[Opening Extracted records section]

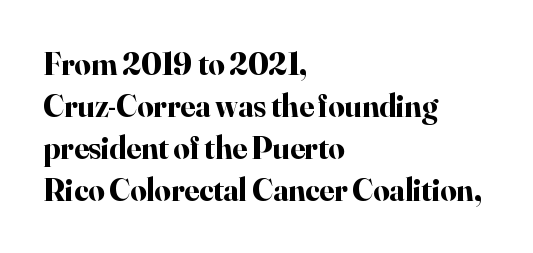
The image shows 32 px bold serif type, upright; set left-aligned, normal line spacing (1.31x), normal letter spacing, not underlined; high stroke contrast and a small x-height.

[Closing Extracted records section]
[Opening Extracted records section]

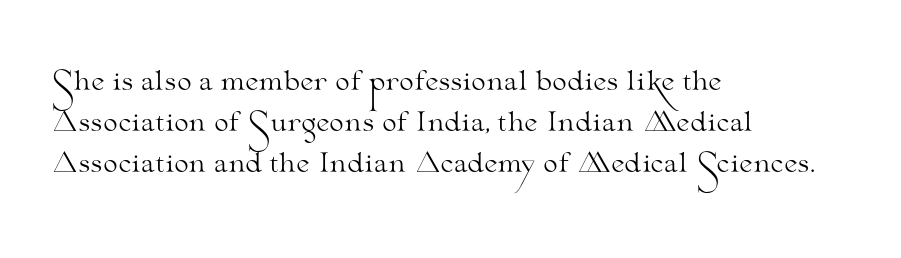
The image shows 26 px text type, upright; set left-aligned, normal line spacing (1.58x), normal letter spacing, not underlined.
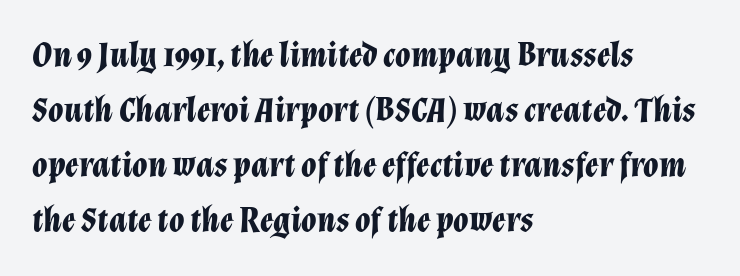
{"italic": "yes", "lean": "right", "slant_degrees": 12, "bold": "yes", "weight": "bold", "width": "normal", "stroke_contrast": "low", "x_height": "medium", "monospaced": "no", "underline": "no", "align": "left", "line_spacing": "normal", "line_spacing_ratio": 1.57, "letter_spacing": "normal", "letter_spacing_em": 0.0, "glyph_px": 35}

[Closing Extracted records section]
[Opening Extracted records section]

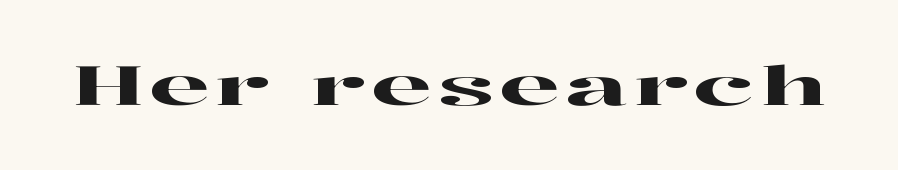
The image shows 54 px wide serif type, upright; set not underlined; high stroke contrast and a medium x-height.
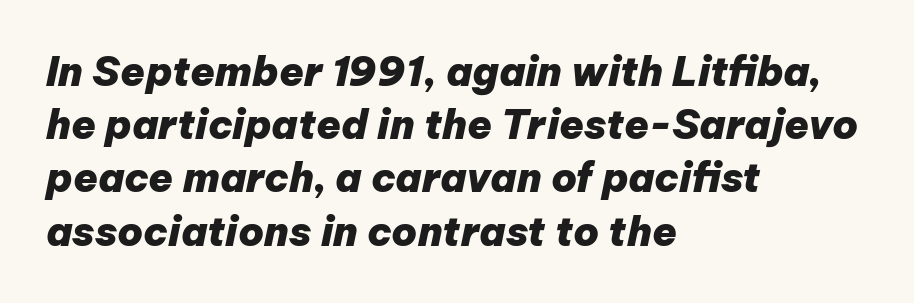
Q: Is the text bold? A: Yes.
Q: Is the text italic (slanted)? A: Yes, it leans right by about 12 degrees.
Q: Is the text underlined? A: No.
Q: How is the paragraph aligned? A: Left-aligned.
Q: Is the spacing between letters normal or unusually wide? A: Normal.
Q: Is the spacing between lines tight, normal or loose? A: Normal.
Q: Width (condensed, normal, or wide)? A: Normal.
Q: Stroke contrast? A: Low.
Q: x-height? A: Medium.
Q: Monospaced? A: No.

[Closing Extracted records section]

▶ **What the exercise asks**
Restate word for word the entries above from the line with "Q: Stroke contrast? A: Low." through the line with "Q: Monospaced? A: No.", inclusive, leaving out everything else.

▶ **Response area**
Q: Stroke contrast? A: Low.
Q: x-height? A: Medium.
Q: Monospaced? A: No.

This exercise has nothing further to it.